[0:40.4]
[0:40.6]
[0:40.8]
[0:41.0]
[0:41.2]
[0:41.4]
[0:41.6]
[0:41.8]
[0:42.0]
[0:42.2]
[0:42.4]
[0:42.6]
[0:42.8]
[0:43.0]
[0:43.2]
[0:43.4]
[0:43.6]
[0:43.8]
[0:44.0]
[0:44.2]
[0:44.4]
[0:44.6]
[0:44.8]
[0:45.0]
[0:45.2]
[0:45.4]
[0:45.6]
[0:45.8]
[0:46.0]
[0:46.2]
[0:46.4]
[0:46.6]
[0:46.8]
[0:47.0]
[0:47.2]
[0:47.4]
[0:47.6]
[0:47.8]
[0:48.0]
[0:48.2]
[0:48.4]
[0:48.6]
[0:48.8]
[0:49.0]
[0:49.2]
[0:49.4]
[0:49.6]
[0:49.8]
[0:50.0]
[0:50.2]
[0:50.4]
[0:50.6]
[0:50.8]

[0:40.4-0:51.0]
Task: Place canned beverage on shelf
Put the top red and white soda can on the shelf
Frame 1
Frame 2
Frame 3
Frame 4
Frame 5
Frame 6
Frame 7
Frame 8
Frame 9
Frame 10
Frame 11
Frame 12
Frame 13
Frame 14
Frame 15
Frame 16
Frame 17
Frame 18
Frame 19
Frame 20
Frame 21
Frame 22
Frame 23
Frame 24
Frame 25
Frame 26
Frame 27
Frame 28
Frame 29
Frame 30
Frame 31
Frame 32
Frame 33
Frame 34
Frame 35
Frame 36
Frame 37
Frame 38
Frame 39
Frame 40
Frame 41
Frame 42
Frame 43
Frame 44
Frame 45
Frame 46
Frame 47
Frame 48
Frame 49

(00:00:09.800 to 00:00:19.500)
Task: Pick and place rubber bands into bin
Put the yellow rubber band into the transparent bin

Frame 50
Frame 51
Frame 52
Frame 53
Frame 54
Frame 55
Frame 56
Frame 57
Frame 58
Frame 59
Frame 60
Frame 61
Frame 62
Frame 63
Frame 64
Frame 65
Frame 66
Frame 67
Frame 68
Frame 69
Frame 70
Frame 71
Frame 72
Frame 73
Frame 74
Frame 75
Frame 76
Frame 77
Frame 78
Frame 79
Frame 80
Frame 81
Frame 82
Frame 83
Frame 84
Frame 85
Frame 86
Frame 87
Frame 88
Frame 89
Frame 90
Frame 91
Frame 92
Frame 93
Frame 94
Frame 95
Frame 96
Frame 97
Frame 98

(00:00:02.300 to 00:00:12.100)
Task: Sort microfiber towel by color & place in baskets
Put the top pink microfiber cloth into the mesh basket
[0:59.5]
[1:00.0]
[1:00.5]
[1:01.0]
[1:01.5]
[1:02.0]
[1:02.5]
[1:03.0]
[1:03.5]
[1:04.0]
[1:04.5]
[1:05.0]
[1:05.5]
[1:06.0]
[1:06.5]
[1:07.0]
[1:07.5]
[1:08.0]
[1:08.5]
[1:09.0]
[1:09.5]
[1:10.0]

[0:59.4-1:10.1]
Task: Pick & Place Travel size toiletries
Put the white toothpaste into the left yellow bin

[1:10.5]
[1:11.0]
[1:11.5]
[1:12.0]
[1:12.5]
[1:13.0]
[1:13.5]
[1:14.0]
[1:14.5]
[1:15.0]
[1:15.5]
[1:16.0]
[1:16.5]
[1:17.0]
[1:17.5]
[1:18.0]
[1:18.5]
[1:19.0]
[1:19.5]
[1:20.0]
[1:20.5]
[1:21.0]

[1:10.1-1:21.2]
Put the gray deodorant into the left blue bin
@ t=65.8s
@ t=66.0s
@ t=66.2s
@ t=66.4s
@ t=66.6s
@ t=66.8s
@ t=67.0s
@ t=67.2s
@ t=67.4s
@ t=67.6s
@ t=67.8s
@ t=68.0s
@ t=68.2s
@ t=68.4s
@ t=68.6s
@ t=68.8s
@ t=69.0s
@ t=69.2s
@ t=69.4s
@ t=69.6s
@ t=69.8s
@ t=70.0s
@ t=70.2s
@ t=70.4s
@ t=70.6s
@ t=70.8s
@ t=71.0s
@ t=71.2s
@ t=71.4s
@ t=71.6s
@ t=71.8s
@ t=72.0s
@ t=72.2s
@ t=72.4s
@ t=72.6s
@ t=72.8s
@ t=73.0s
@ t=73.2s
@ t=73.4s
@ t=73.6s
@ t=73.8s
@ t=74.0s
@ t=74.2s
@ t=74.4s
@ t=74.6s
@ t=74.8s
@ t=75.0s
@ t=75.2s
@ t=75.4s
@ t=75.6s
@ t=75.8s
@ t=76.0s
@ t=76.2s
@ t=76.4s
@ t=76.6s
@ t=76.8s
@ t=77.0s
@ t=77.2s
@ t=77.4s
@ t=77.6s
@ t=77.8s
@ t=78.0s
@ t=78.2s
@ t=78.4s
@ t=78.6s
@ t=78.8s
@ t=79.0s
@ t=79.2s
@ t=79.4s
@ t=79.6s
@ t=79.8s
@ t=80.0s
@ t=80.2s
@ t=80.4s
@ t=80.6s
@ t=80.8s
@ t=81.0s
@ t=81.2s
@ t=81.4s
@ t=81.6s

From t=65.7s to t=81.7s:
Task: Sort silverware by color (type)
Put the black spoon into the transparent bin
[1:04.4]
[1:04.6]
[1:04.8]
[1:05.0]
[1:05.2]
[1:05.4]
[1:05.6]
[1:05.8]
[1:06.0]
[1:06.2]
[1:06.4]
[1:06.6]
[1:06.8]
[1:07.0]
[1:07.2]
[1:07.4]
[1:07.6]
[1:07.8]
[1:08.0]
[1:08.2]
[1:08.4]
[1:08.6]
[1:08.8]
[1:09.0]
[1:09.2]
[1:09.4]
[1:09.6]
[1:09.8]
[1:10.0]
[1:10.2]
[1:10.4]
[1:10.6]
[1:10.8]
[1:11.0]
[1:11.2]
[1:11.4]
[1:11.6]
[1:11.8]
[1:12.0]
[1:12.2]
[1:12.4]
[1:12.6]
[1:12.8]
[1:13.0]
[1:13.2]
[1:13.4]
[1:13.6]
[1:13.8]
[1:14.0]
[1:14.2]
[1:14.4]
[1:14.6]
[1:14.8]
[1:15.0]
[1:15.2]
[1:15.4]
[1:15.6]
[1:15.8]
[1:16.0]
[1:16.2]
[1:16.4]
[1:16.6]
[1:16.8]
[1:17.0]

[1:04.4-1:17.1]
++++++
TASK TO CARRY OUT: Reproduce the data in its entirety, matching each character.

OUTPUT FOR THIS EXERCISE:
[0:40.4]
[0:40.6]
[0:40.8]
[0:41.0]
[0:41.2]
[0:41.4]
[0:41.6]
[0:41.8]
[0:42.0]
[0:42.2]
[0:42.4]
[0:42.6]
[0:42.8]
[0:43.0]
[0:43.2]
[0:43.4]
[0:43.6]
[0:43.8]
[0:44.0]
[0:44.2]
[0:44.4]
[0:44.6]
[0:44.8]
[0:45.0]
[0:45.2]
[0:45.4]
[0:45.6]
[0:45.8]
[0:46.0]
[0:46.2]
[0:46.4]
[0:46.6]
[0:46.8]
[0:47.0]
[0:47.2]
[0:47.4]
[0:47.6]
[0:47.8]
[0:48.0]
[0:48.2]
[0:48.4]
[0:48.6]
[0:48.8]
[0:49.0]
[0:49.2]
[0:49.4]
[0:49.6]
[0:49.8]
[0:50.0]
[0:50.2]
[0:50.4]
[0:50.6]
[0:50.8]

[0:40.4-0:51.0]
Task: Place canned beverage on shelf
Put the top red and white soda can on the shelf
Frame 1
Frame 2
Frame 3
Frame 4
Frame 5
Frame 6
Frame 7
Frame 8
Frame 9
Frame 10
Frame 11
Frame 12
Frame 13
Frame 14
Frame 15
Frame 16
Frame 17
Frame 18
Frame 19
Frame 20
Frame 21
Frame 22
Frame 23
Frame 24
Frame 25
Frame 26
Frame 27
Frame 28
Frame 29
Frame 30
Frame 31
Frame 32
Frame 33
Frame 34
Frame 35
Frame 36
Frame 37
Frame 38
Frame 39
Frame 40
Frame 41
Frame 42
Frame 43
Frame 44
Frame 45
Frame 46
Frame 47
Frame 48
Frame 49

(00:00:09.800 to 00:00:19.500)
Task: Pick and place rubber bands into bin
Put the yellow rubber band into the transparent bin

Frame 50
Frame 51
Frame 52
Frame 53
Frame 54
Frame 55
Frame 56
Frame 57
Frame 58
Frame 59
Frame 60
Frame 61
Frame 62
Frame 63
Frame 64
Frame 65
Frame 66
Frame 67
Frame 68
Frame 69
Frame 70
Frame 71
Frame 72
Frame 73
Frame 74
Frame 75
Frame 76
Frame 77
Frame 78
Frame 79
Frame 80
Frame 81
Frame 82
Frame 83
Frame 84
Frame 85
Frame 86
Frame 87
Frame 88
Frame 89
Frame 90
Frame 91
Frame 92
Frame 93
Frame 94
Frame 95
Frame 96
Frame 97
Frame 98

(00:00:02.300 to 00:00:12.100)
Task: Sort microfiber towel by color & place in baskets
Put the top pink microfiber cloth into the mesh basket
[0:59.5]
[1:00.0]
[1:00.5]
[1:01.0]
[1:01.5]
[1:02.0]
[1:02.5]
[1:03.0]
[1:03.5]
[1:04.0]
[1:04.5]
[1:05.0]
[1:05.5]
[1:06.0]
[1:06.5]
[1:07.0]
[1:07.5]
[1:08.0]
[1:08.5]
[1:09.0]
[1:09.5]
[1:10.0]

[0:59.4-1:10.1]
Task: Pick & Place Travel size toiletries
Put the white toothpaste into the left yellow bin

[1:10.5]
[1:11.0]
[1:11.5]
[1:12.0]
[1:12.5]
[1:13.0]
[1:13.5]
[1:14.0]
[1:14.5]
[1:15.0]
[1:15.5]
[1:16.0]
[1:16.5]
[1:17.0]
[1:17.5]
[1:18.0]
[1:18.5]
[1:19.0]
[1:19.5]
[1:20.0]
[1:20.5]
[1:21.0]

[1:10.1-1:21.2]
Put the gray deodorant into the left blue bin
@ t=65.8s
@ t=66.0s
@ t=66.2s
@ t=66.4s
@ t=66.6s
@ t=66.8s
@ t=67.0s
@ t=67.2s
@ t=67.4s
@ t=67.6s
@ t=67.8s
@ t=68.0s
@ t=68.2s
@ t=68.4s
@ t=68.6s
@ t=68.8s
@ t=69.0s
@ t=69.2s
@ t=69.4s
@ t=69.6s
@ t=69.8s
@ t=70.0s
@ t=70.2s
@ t=70.4s
@ t=70.6s
@ t=70.8s
@ t=71.0s
@ t=71.2s
@ t=71.4s
@ t=71.6s
@ t=71.8s
@ t=72.0s
@ t=72.2s
@ t=72.4s
@ t=72.6s
@ t=72.8s
@ t=73.0s
@ t=73.2s
@ t=73.4s
@ t=73.6s
@ t=73.8s
@ t=74.0s
@ t=74.2s
@ t=74.4s
@ t=74.6s
@ t=74.8s
@ t=75.0s
@ t=75.2s
@ t=75.4s
@ t=75.6s
@ t=75.8s
@ t=76.0s
@ t=76.2s
@ t=76.4s
@ t=76.6s
@ t=76.8s
@ t=77.0s
@ t=77.2s
@ t=77.4s
@ t=77.6s
@ t=77.8s
@ t=78.0s
@ t=78.2s
@ t=78.4s
@ t=78.6s
@ t=78.8s
@ t=79.0s
@ t=79.2s
@ t=79.4s
@ t=79.6s
@ t=79.8s
@ t=80.0s
@ t=80.2s
@ t=80.4s
@ t=80.6s
@ t=80.8s
@ t=81.0s
@ t=81.2s
@ t=81.4s
@ t=81.6s

From t=65.7s to t=81.7s:
Task: Sort silverware by color (type)
Put the black spoon into the transparent bin
[1:04.4]
[1:04.6]
[1:04.8]
[1:05.0]
[1:05.2]
[1:05.4]
[1:05.6]
[1:05.8]
[1:06.0]
[1:06.2]
[1:06.4]
[1:06.6]
[1:06.8]
[1:07.0]
[1:07.2]
[1:07.4]
[1:07.6]
[1:07.8]
[1:08.0]
[1:08.2]
[1:08.4]
[1:08.6]
[1:08.8]
[1:09.0]
[1:09.2]
[1:09.4]
[1:09.6]
[1:09.8]
[1:10.0]
[1:10.2]
[1:10.4]
[1:10.6]
[1:10.8]
[1:11.0]
[1:11.2]
[1:11.4]
[1:11.6]
[1:11.8]
[1:12.0]
[1:12.2]
[1:12.4]
[1:12.6]
[1:12.8]
[1:13.0]
[1:13.2]
[1:13.4]
[1:13.6]
[1:13.8]
[1:14.0]
[1:14.2]
[1:14.4]
[1:14.6]
[1:14.8]
[1:15.0]
[1:15.2]
[1:15.4]
[1:15.6]
[1:15.8]
[1:16.0]
[1:16.2]
[1:16.4]
[1:16.6]
[1:16.8]
[1:17.0]

[1:04.4-1:17.1]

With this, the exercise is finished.